Rampelli: «Satira di destra? Vi racconto Morbillo, prurito e avventura»

14 Gen 2015 15:06 - di Romana Fabiani

Morbillo, prurito & avventura. In pochi se ne ricordano: correva l’anno 1988 quando nelle edicole della capitale comparve un tabloid maculato (tremila lire), tono insolente, linguaggio underground, politica, costume e tanta satira. Da destra. Un gruppo di ragazzi dell’allora Fronte della Gioventù, il più vecchio aveva 28 anni, si misero in testa di rompere con il linguaggio severo dei parrucconi del Msi, con i teoremi della doppia pena di morte e  certi tic impresentabili del pianeta post-fascista. Nel giorno dell’exploit di vendite di Charlie Hebdo (tutto esaurito in Francia il primo numero della rivista dopo l’attentato del 7 gennaio) il pensiero corre all’ultimo esperimento di satira della droite italiana dopo la proverbiale esperienza della Voce della Fogna.  Diretto da un “inconsapevole” Adolfo Urso («non avevamo tra noi nessun pubblicista…», raccontano), il mensile  con le sue provocazioni culturali, l’ingresso di Che Guevara accanto a Nietzsche (perché «tutti gli uomini di valore sono fratelli»), il Palio di Siena visto dal cavallo, gli affondi ambientalisti, le tirate d’orecchio a Pinochet, riuscì persino a “ingannare” i compagni del manifesto che ne pubblicizzarono il primo numero certi che fosse “roba loro”.

L’inventore e animatore

Ne abbiamo parlato con Fabio Rampelli, allora 28enne, che fu l’inventore e l’animatore di Morbillo. «L’idea nacque a via Sommacampagna a cavallo tra l’87 e l’88 quando ero segretario romano del Fronte della Gioventù. Avevamo voglia di uscire dal ghetto, di confrontarci con gli avversari, di parlare “a tutti” con un linguaggio semplice e un po’ di sana goliardia, di rompere gli steccati destra-sinistra», racconta Rampelli, oggi capogruppo di Fratelli d’Italia-An alla Camera.

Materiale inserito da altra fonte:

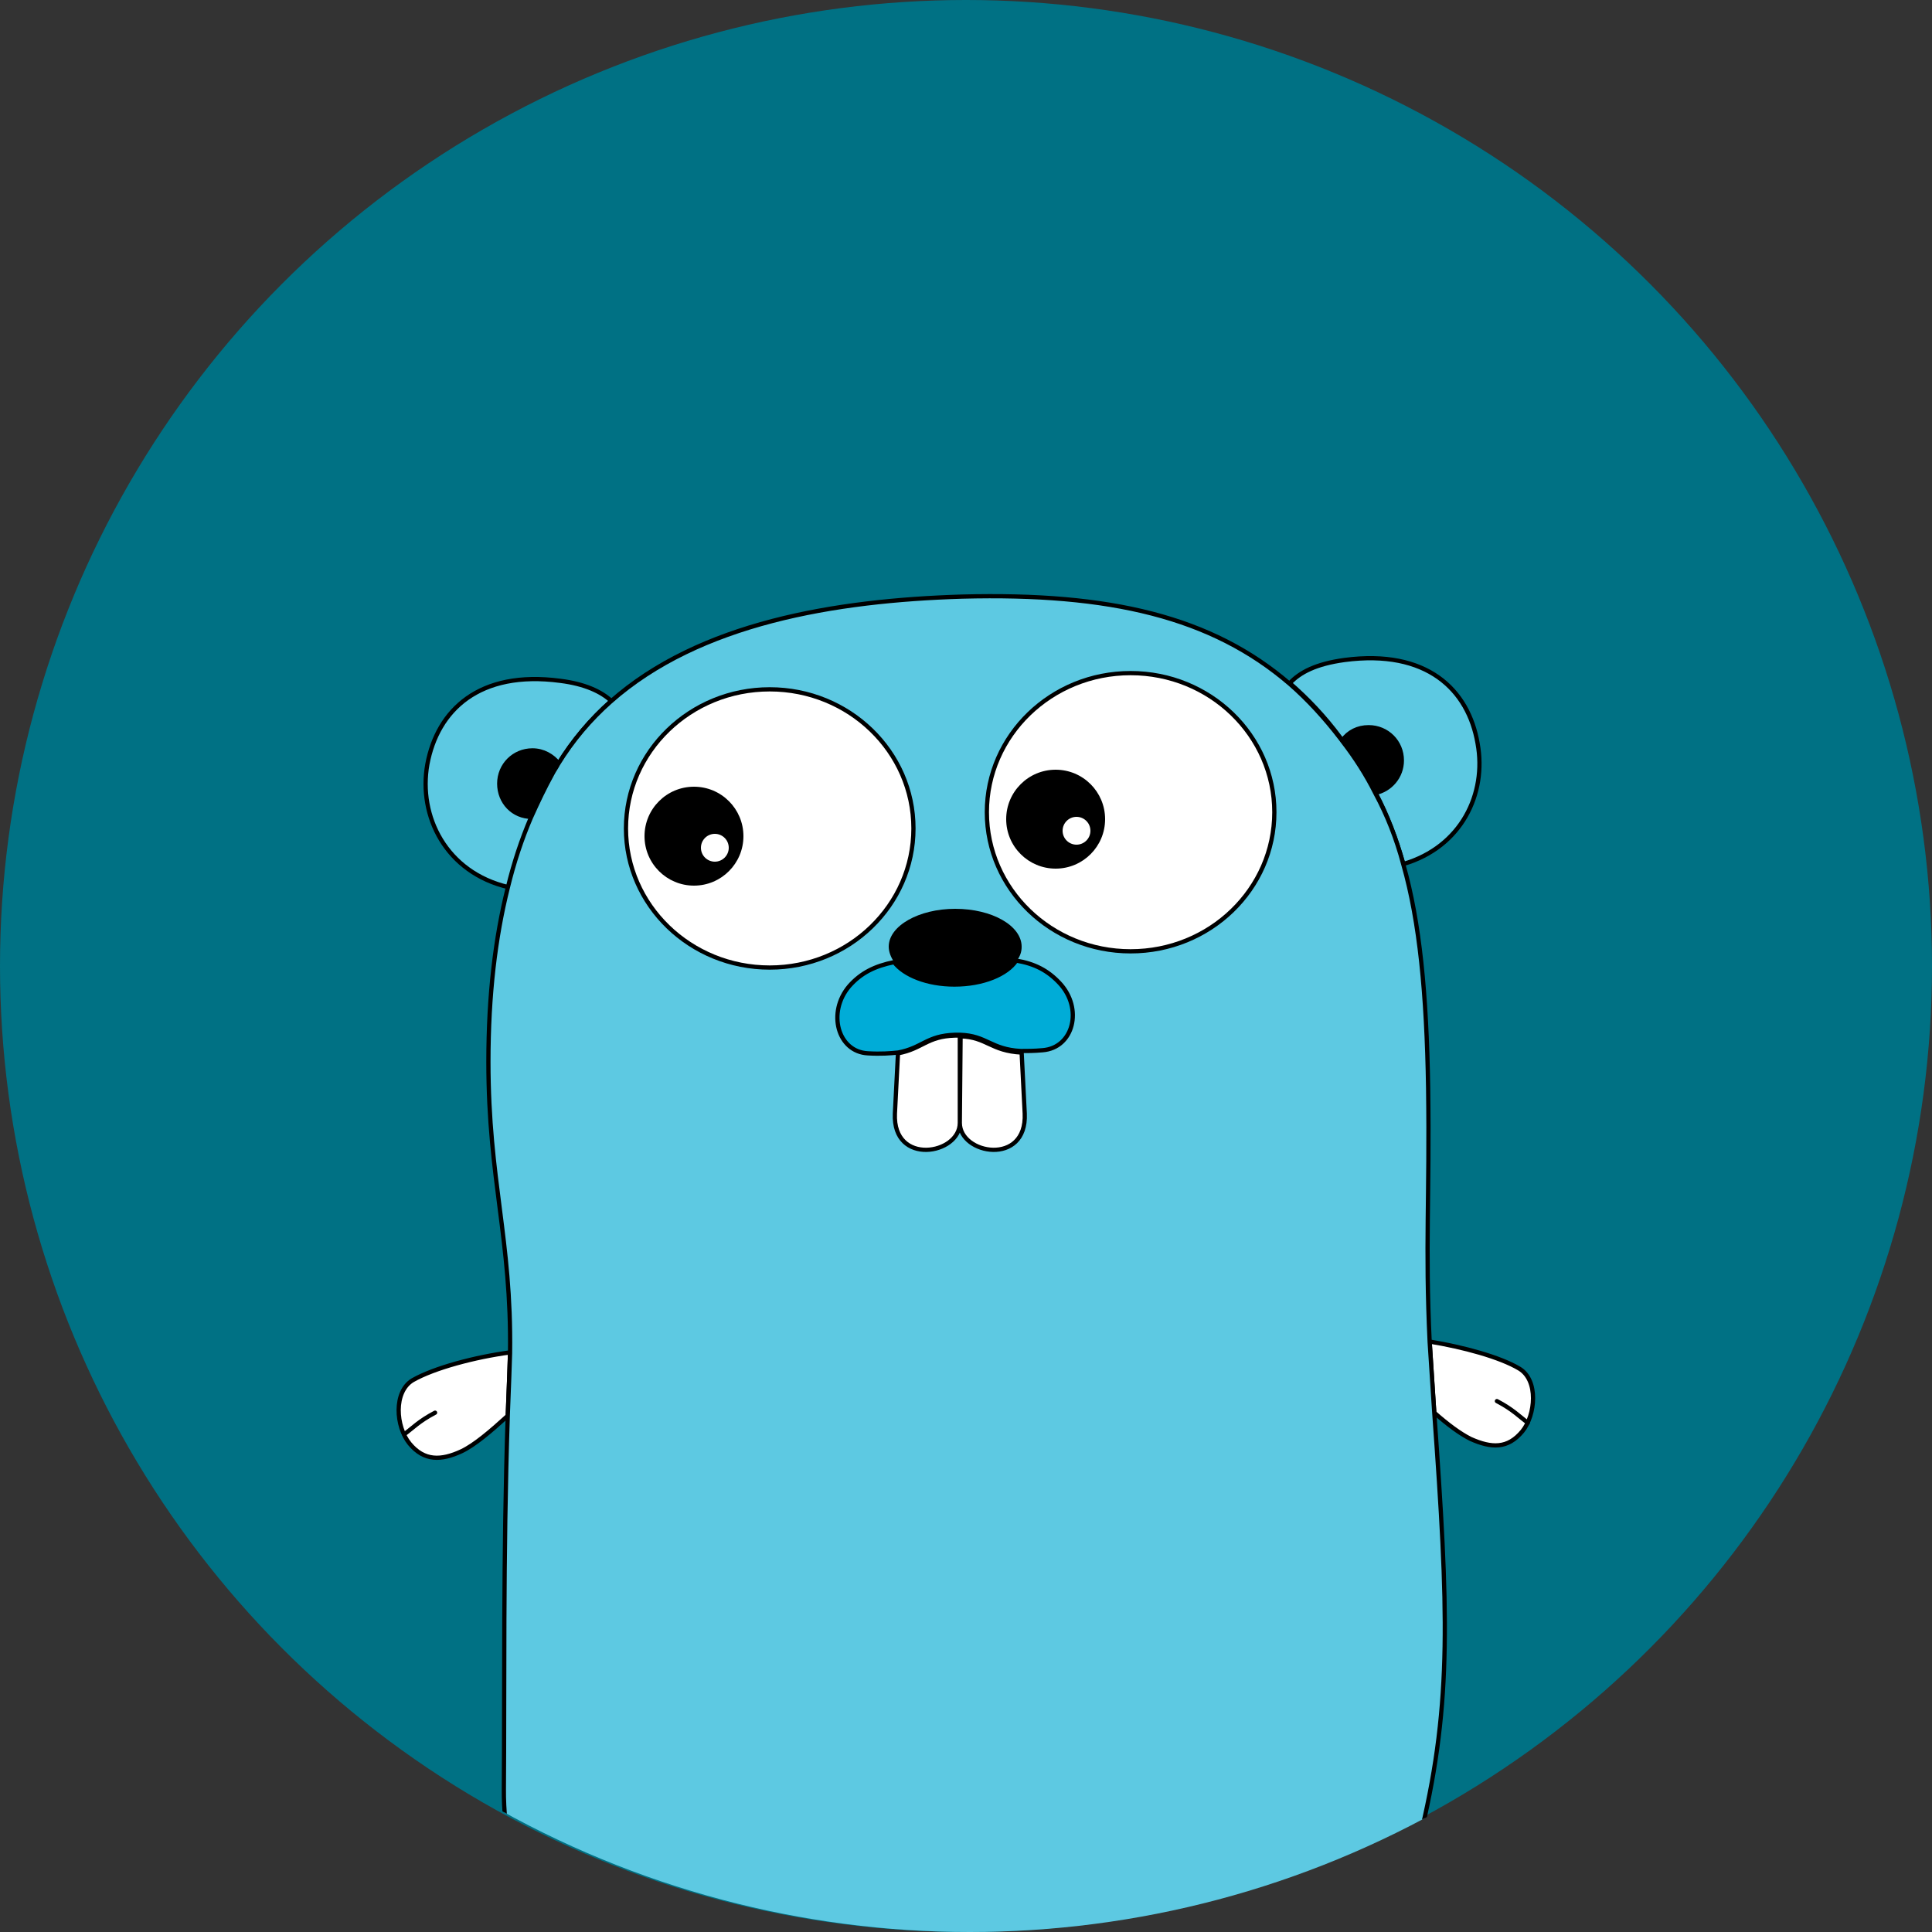 <svg version="1.1" id="Calque_1" xmlns="http://www.w3.org/2000/svg" xmlns:xlink="http://www.w3.org/1999/xlink" x="0" y="0" viewBox="0 0 250 250" style="enable-background:new 0 0 250 250" xml:space="preserve"><rect x="0" y="0" width="250" height="250" fill="#333333" stroke="none"/><style>.st2{fill:#fff}.st2,.st3,.st4{stroke:#000;stroke-width:.548;stroke-linejoin:round;stroke-miterlimit:10}.st3{fill:none;stroke-linecap:round}.st4{fill:#5dc9e2}.st5{fill:#fff}</style><circle cx="125" cy="125" r="125" style="fill:#007184"/><defs><circle id="SVGID_1_" cx="125.5" cy="125" r="125"/></defs><clipPath id="SVGID_2_"><use xlink:href="#SVGID_1_" style="overflow:visible"/></clipPath><g style="clip-path:url(#SVGID_2_)"><path class="st2" d="M66 175c-4.5.6-9.8 2-12.6 3.6-2.5 1.5-2.2 6-.4 8.2 1.9 2.3 4.1 2.2 6.7 1 1.7-.8 3.8-2.6 6-4.6l.2-5.2.1-3zM196.6 177.1c-2.5-1.5-7.3-2.8-11.6-3.5l.5 7.7.1 1.5c1.7 1.5 3.3 2.7 4.7 3.4 2.7 1.2 4.8 1.3 6.7-1 1.7-2.1 2.1-6.6-.4-8.1zM79.3 274.7c3.7-3.4 6.6-6.2 13-7.2-4.9-2-9.2-4.5-12.8-7.4-4.5 1.7-8.1 4.2-10.1 7.9-3.4 6 5.3 10.9 9.9 6.7M170.8 273.1c3.7 4.9 13.1.4 10.3-5.8-1.8-4.1-5.2-7.5-9.4-9.6-2.8 2.6-6.1 5-10 7.1 4.4 2 6.5 4.9 9.1 8.3"/><path class="st3" d="M52.3 185.6c1.1-.8 1.9-1.7 4-2.8M197.7 184.1c-1.1-.8-1.9-1.7-4-2.8M71.3 274.7c.3-1.7 1.2-4.5 4-7M178.3 274.2c0-1.7-.4-5.2-3-7.5"/><path class="st4" d="M64.6 101.4c0-2.4 1.9-4.3 4.3-4.3 1.4 0 2.6.7 3.4 1.7 1.9-3.1 4.2-5.8 6.8-8.1-1.3-1.2-3.4-2.2-6.6-2.6-10.5-1.4-15.9 3.8-17.2 10.8-1.2 6.7 2.4 14 10.5 15.9.8-3.3 1.9-6.3 3-9.1-2.4 0-4.2-1.9-4.2-4.3z"/><path d="M68.8 97.1c-2.4 0-4.3 1.9-4.3 4.3 0 2.3 1.9 4.2 4.2 4.3.8-2 1.8-3.9 2.8-5.7.2-.4.5-.8.7-1.2-.7-1-2-1.7-3.4-1.7z"/><path class="st4" d="M191.2 96.2c-1.2-7-6.6-12.2-17.2-10.8-3.7.5-5.8 1.6-7.1 3 2.3 2 4.5 4.3 6.5 7l.3.4c.8-1.1 2-1.7 3.4-1.7 2.4 0 4.3 1.9 4.3 4.3 0 2.1-1.5 3.8-3.4 4.2 1.5 2.8 2.6 5.8 3.6 9.2 7.5-2.2 10.8-9.1 9.6-15.6z"/><path d="M181.6 98.4c0-2.4-1.9-4.3-4.3-4.3-1.4 0-2.7.7-3.4 1.7 1.6 2.2 3.1 4.4 4.3 6.8 1.9-.4 3.4-2.2 3.4-4.2z"/><path class="st4" d="M122.8 273.1c17.1 0 29.7-3.3 39-8.3 3.9-2.1 7.2-4.5 10-7.1 6.9-6.5 10.6-14.1 12.2-21 3.9-16.5 3.4-28.6 1.6-53.8l-.1-1.5-.5-7.7c-.6-12.7 0-18.5-.2-32.9-.2-12.3-1.1-21.5-3.2-28.9-.9-3.4-2.1-6.4-3.6-9.2-1.2-2.4-2.6-4.6-4.3-6.8l-.3-.4c-2-2.6-4.2-5-6.5-7-10.1-8.7-23.3-11.8-42.4-11.3-16.4.5-34 3.4-45.5 13.6-2.6 2.3-4.9 5-6.8 8.1-.2.4-.5.8-.7 1.2-1 1.8-1.9 3.7-2.8 5.7-1.2 2.8-2.2 5.8-3 9.1-1.6 6.4-2.5 13.8-2.5 22.5 0 15.3 3 22.9 2.8 37.7l-.1 3-.2 5.2c-.6 18-.4 36-.5 48.2-.1 11.3 5 21.3 14.2 28.7 3.7 2.9 7.9 5.4 12.8 7.4 8.6 3.5 18.9 5.5 30.6 5.5"/><ellipse class="st2" cx="99.6" cy="107.2" rx="18.6" ry="18"/><circle cx="89.8" cy="108.2" r="6.4"/><circle class="st5" cx="92.5" cy="109.7" r="1.8"/><ellipse class="st2" cx="146.3" cy="105.1" rx="18.6" ry="18"/><circle cx="136.6" cy="106" r="6.4"/><circle class="st5" cx="139.3" cy="107.5" r="1.8"/><path class="st2" d="M123.6 134c-3.7.1-4.2 1.7-7.4 2.3l-.4 7.8c-.3 6.8 8.4 5.3 8.4 1.2V134h-.6zM124.2 145.3c0 4.1 8.7 5.6 8.4-1.2l-.4-7.9c-4-.2-4.5-2-7.9-2.1l-.1 11.2z"/><path d="M137.1 127.2c-1.5-1.6-3.2-2.5-5.6-2.9-1.2 1.8-4.3 3.1-8 3.1-3.5 0-6.5-1.2-7.8-2.9-2.5.5-4.3 1.4-5.8 3.1-2.9 3.4-1.5 8.5 2.4 8.7 1.7.1 2.9 0 3.9-.1 3.2-.6 3.7-2.2 7.4-2.3h.6c3.5.1 4 1.9 7.9 2.1.8 0 1.7 0 2.8-.1 4-.3 5.3-5.4 2.2-8.7z" style="fill:#00acd7;stroke:#000;stroke-width:.548;stroke-linejoin:round;stroke-miterlimit:10"/><path d="M123.6 127.4c3.6 0 6.7-1.3 8-3.1.4-.6.6-1.1.6-1.8 0-2.7-3.8-4.9-8.6-4.9-4.7 0-8.6 2.2-8.6 4.9 0 .7.3 1.4.7 2 1.4 1.7 4.4 2.9 7.9 2.9z"/></g></svg>

Eredi della Voce della Fogna, si disse. E la sede? I soldi? Come andarono le cose?

Nessun finanziamento, ahimè. Partimmo con una colletta tra di noi e gli abbonamenti raccolti on the road. Lavoravamo a casa mia: fogli lucidi, trasferibili, matite a china e Olivetti 35. Una squadra di amici squattrinati con tante idee. Chiamai le migliori “penne” tra i ragazzi del Fronte e ci mettemmo all’opera: ricordo tra i tanti redattori Giampaolo Rossi, Marco Marsilio, Roberta Angelilli, Federico Mollicone, Fabrizio Crivellari, Gloria Sabatini, Laura Marsilio, Laura Denaro…

E riusciste ad andare in edicola?

A ripensarci ora fu un miracolo. Senza nessuna esperienza se non la stampa di manifesti e volantini, andammo in giro per le edicole della città a chiedere ospitalità, una diffusione… autarchica. Non solo, riuscimmo a mettere in piedi una campagna pubblicitaria da fare invidia ai guru della comunicazione: riempimmo la città di manifesti con la scritta “Diffondi il contagio” e la foto dei principali personaggi pubblici dell’epoca con le bolle del morbillo sul viso. Non risparmiammo nessuno, neppure Papa Giovanni Paolo II. E ci conquistammo sul campo la denuncia del ministero della Sanità per diffusione di malattia esantematica. Purtroppo non andammo oltre il quinto numero per mancanza di soldi… Ma facemmo scuola, inventammo un nuovo linguaggio e ancora se ne parla.

Linea editoriale?

Rimescolare le carte in tavola, uscire dallo stereotipo del giovane di destra, capovolgere i luoghi comuni di Dio, Casa, Famiglia. Basta sfogliare il primo numero dal titolo “Insolentia” nel quale compaiono articoli dal titolo: Dichiarazione di guerra agli States, Pasolini corsaro, Diamo voce a prezzolini, il mondo è terzo. Alle pagine culturali e politiche ne corrispondevano altrettante di satira: vignette, cruciverba, guasconerie varie sempre improntate a una nuova narrazione generazionale. L’editoriale del secondo numero fu dirompente: un sonoro Fuck off  trasversale, dai compagni del Manifesto colpiti dal contagio ai “fascisti duri e puri” che storcevano il naso per l’alto tradimento. L’esperienza continuò nei primi anni Novanta come inserto dell’Italia settimanale diretta da Marcello Veneziani, anche lì satira a volontà, ricordo ancora la cronaca immaginifica di un finto rapimento di Antonio Di Pietro.